**Task goal:**
Return each of the entries below precisely, with no pictures in the result.
======== Supplied material
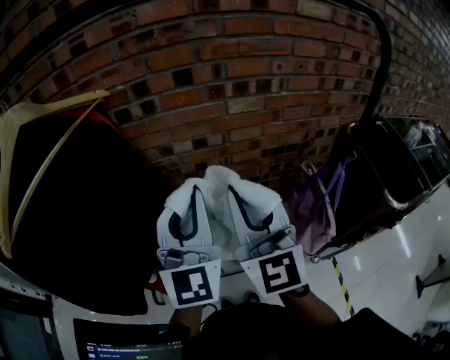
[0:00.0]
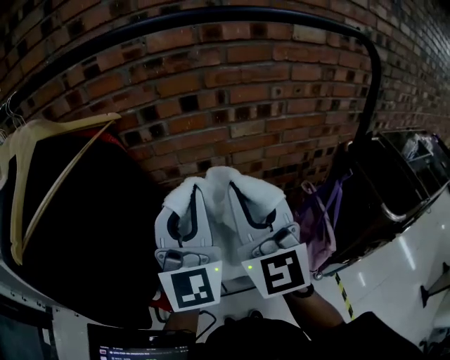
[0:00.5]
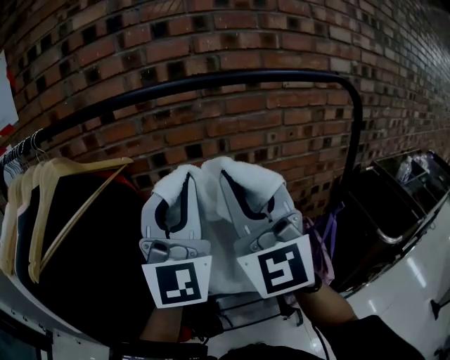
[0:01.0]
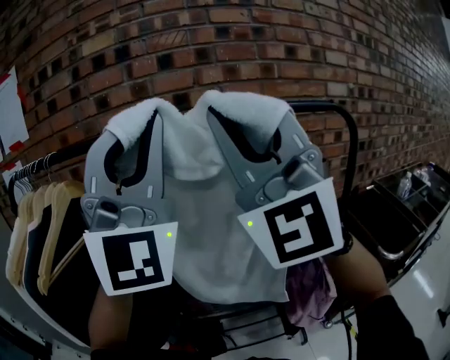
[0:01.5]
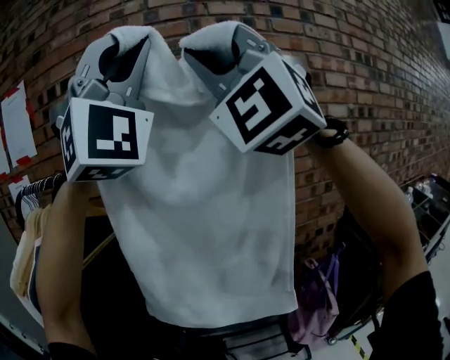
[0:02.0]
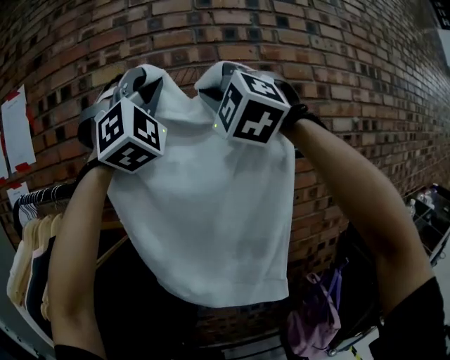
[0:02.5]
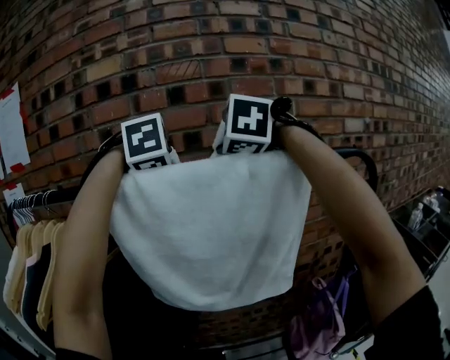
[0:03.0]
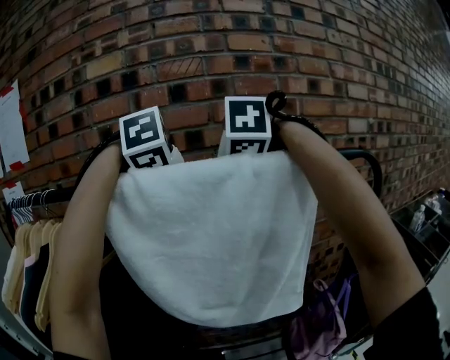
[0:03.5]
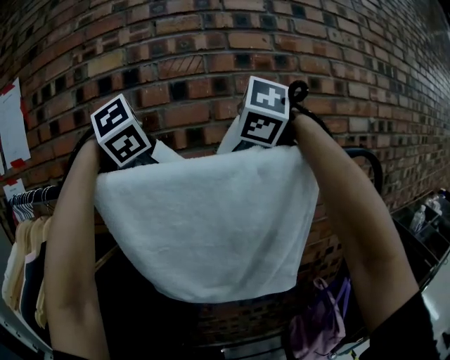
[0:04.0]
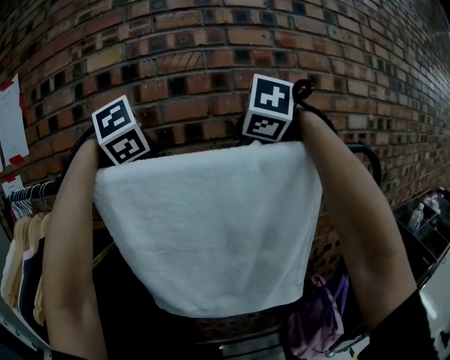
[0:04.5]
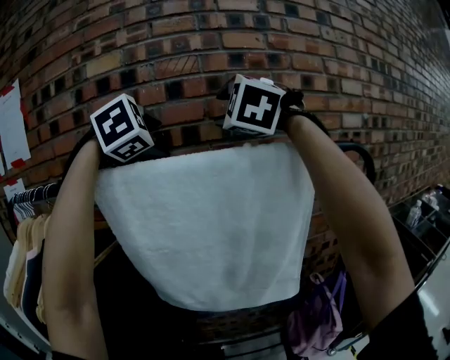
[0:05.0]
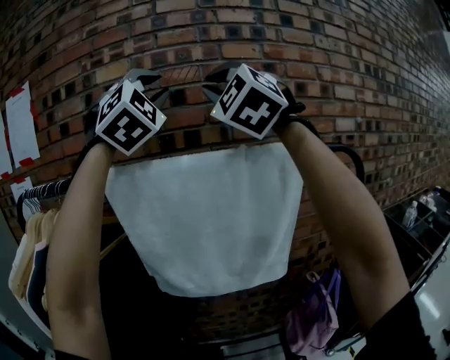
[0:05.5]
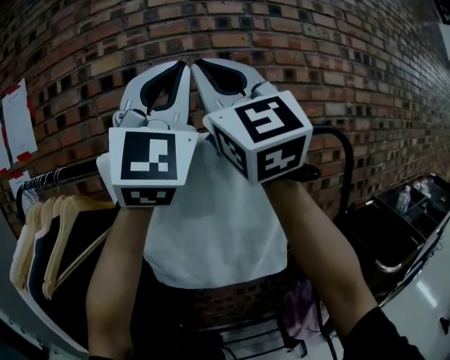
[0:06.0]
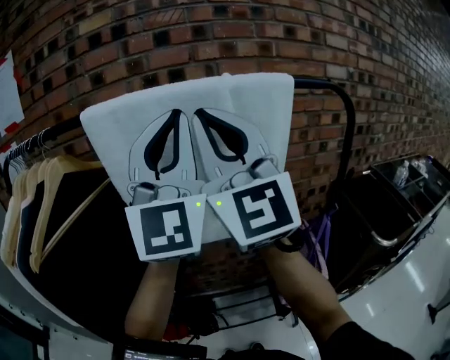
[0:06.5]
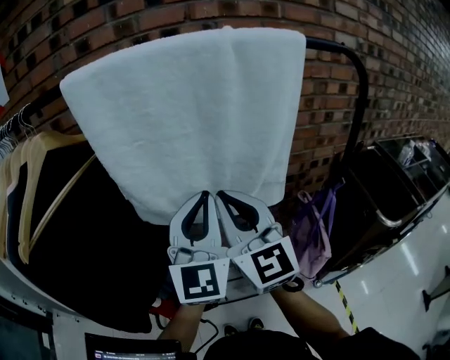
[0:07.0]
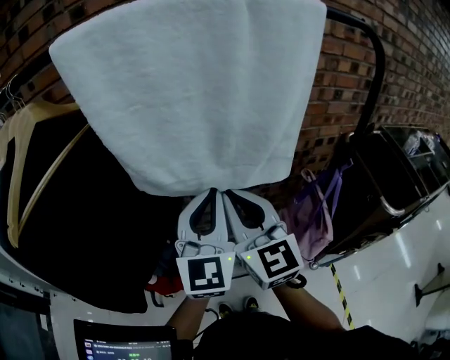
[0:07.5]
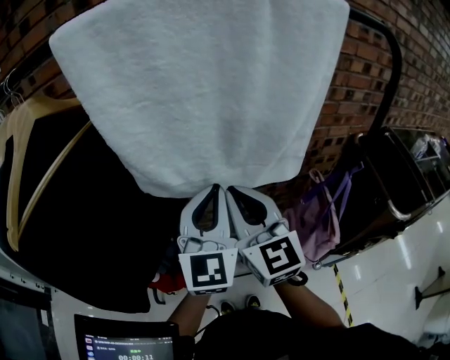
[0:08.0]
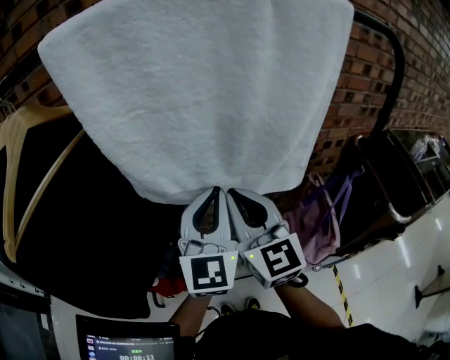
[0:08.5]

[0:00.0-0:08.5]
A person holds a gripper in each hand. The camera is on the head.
0.0 to 2.0 s: The grippers both shift upward by approximately 50 cm. The left gripper rotates around the line of its fingers by some 60 degrees, clockwise from behind. The right gripper rolls counterclockwise, seen from behind, by approximately 60 degrees.
2.0 to 4.0 s: The grippers both shift forward and downward by about 30 cm. The right gripper angles its fingers downward, by about 70 degrees, and opens up; the left gripper points its fingers approximately 90 degrees further downward, and opens its fingers.
4.0 to 6.5 s: Both grippers move backward, some 20 cm. The right gripper tilts its fingers roughly 80 degrees upward, and closes. Meanwhile the left gripper tilts its fingers some 90 degrees upward, and closes its fingers.
6.5 to 8.5 s: The two grippers go roughly 30 cm downward. The right gripper rotates roughly 40 degrees, while the left gripper tilts its fingers about 30 degrees downward.

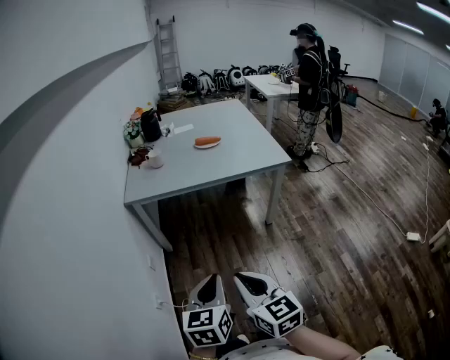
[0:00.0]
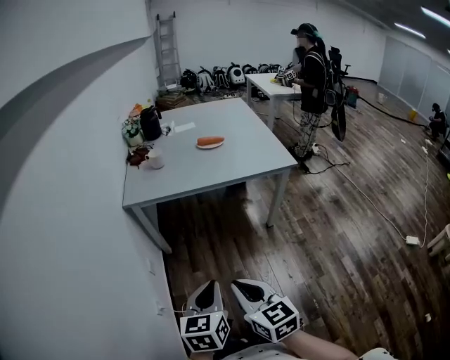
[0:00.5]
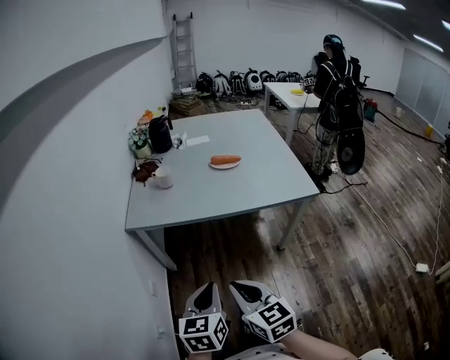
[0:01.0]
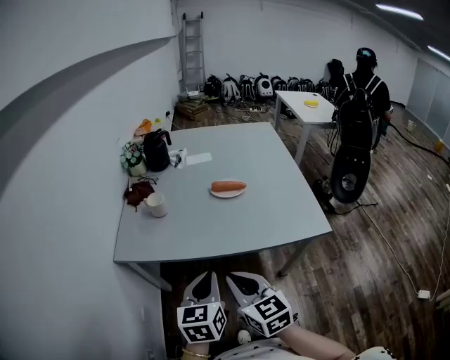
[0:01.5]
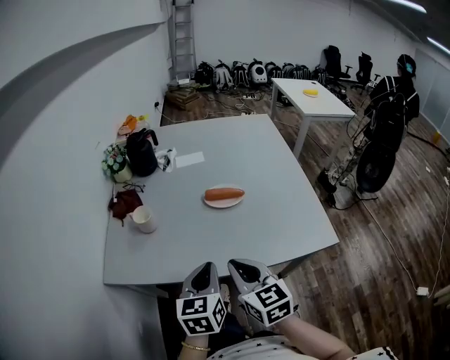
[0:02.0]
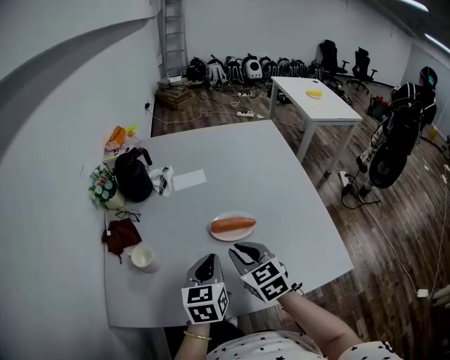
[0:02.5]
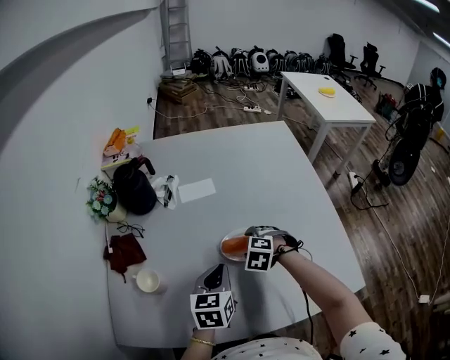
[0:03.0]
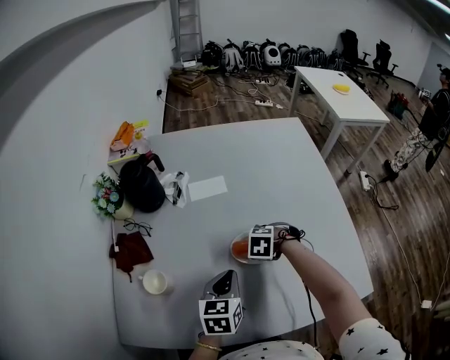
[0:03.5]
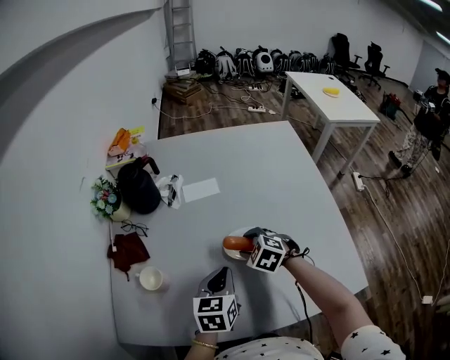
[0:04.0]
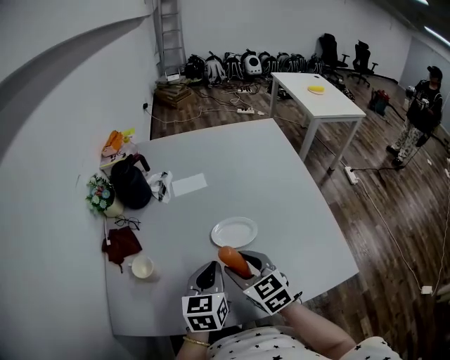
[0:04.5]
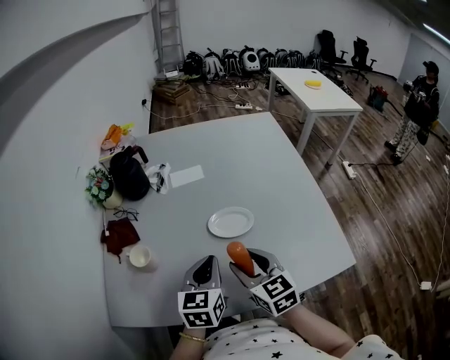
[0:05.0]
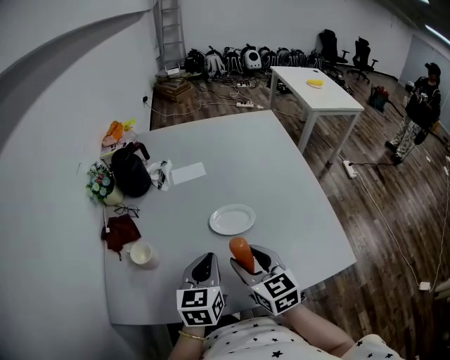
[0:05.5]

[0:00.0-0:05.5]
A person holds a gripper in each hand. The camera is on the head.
0.0 to 2.0 s: The two grippers travel together, forward, about 40 cm.
2.0 to 3.5 s: The right gripper changes place by some 35 cm, tips its fingers downward by approximately 60 degrees, and opens. Meanwhile the left gripper ends up roughly 20 cm from where it was.
3.5 to 5.5 s: The right gripper goes roughly 15 cm upward, and tips its fingers upward by roughly 60 degrees, while the left gripper shifts roughly 5 cm upward.
================
**Task answer:**
[0:00.0]
[0:00.5]
[0:01.0]
[0:01.5]
[0:02.0]
[0:02.5]
[0:03.0]
[0:03.5]
[0:04.0]
[0:04.5]
[0:05.0]
[0:05.5]
[0:06.0]
[0:06.5]
[0:07.0]
[0:07.5]
[0:08.0]
[0:08.5]

[0:00.0-0:08.5]
A person holds a gripper in each hand. The camera is on the head.
0.0 to 2.0 s: The grippers both shift upward by approximately 50 cm. The left gripper rotates around the line of its fingers by some 60 degrees, clockwise from behind. The right gripper rolls counterclockwise, seen from behind, by approximately 60 degrees.
2.0 to 4.0 s: The grippers both shift forward and downward by about 30 cm. The right gripper angles its fingers downward, by about 70 degrees, and opens up; the left gripper points its fingers approximately 90 degrees further downward, and opens its fingers.
4.0 to 6.5 s: Both grippers move backward, some 20 cm. The right gripper tilts its fingers roughly 80 degrees upward, and closes. Meanwhile the left gripper tilts its fingers some 90 degrees upward, and closes its fingers.
6.5 to 8.5 s: The two grippers go roughly 30 cm downward. The right gripper rotates roughly 40 degrees, while the left gripper tilts its fingers about 30 degrees downward.

[0:00.0]
[0:00.5]
[0:01.0]
[0:01.5]
[0:02.0]
[0:02.5]
[0:03.0]
[0:03.5]
[0:04.0]
[0:04.5]
[0:05.0]
[0:05.5]

[0:00.0-0:05.5]
A person holds a gripper in each hand. The camera is on the head.
0.0 to 2.0 s: The two grippers travel together, forward, about 40 cm.
2.0 to 3.5 s: The right gripper changes place by some 35 cm, tips its fingers downward by approximately 60 degrees, and opens. Meanwhile the left gripper ends up roughly 20 cm from where it was.
3.5 to 5.5 s: The right gripper goes roughly 15 cm upward, and tips its fingers upward by roughly 60 degrees, while the left gripper shifts roughly 5 cm upward.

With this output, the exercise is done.